The subpoenas issued come after two months of negotiations between the committees and Mueller. Mueller initially expressed cooperation with lawmakers’ questions in private, but in a press statement one month ago said he was reluctant to publicly testify. His 448-page report was sufficient testimony, he said, and he “would not provide information beyond that which is already public in any appearance before Congress.”

But the Democrats wanted a public testimony.

“We will subpoena him if we have to,” Nadler said in a CNN interview in May.

Nadler and Schiff expressed in their letter to Mueller they understood his hesitations of speaking publicly about his criminal investigation. They also understood that Mueller said the report should speak for itself.

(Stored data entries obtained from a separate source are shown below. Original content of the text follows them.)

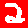
Digit: 2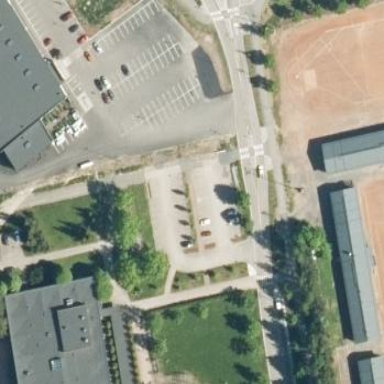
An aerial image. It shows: Parking area designated for parking.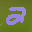
Label: 2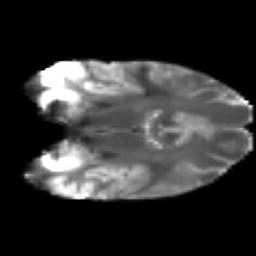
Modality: T2w
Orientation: coronal
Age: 24
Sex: male
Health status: healthy
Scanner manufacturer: philips
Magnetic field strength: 3 T
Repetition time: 4.293 s
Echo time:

Nevertheless, Nadler and Schiff said in a joint statement Tuesday, “Americans have demanded to hear directly from the Special Counsel so they can understand what he and his team examined, uncovered, and determined about Russia’s attack on our democracy, the Trump campaign’s acceptance and use of that help, and President Trump and his associates’ obstruction of the investigation into that attack.”

If Mueller constrains his testimony to the contents of his report, Democrats seeking to build their case for Trump’s impeachment may have subpoenaed for naught. If Mueller does disclose secret details that could lead to impeachment, then maybe the report did not truly “speak for itself” after all.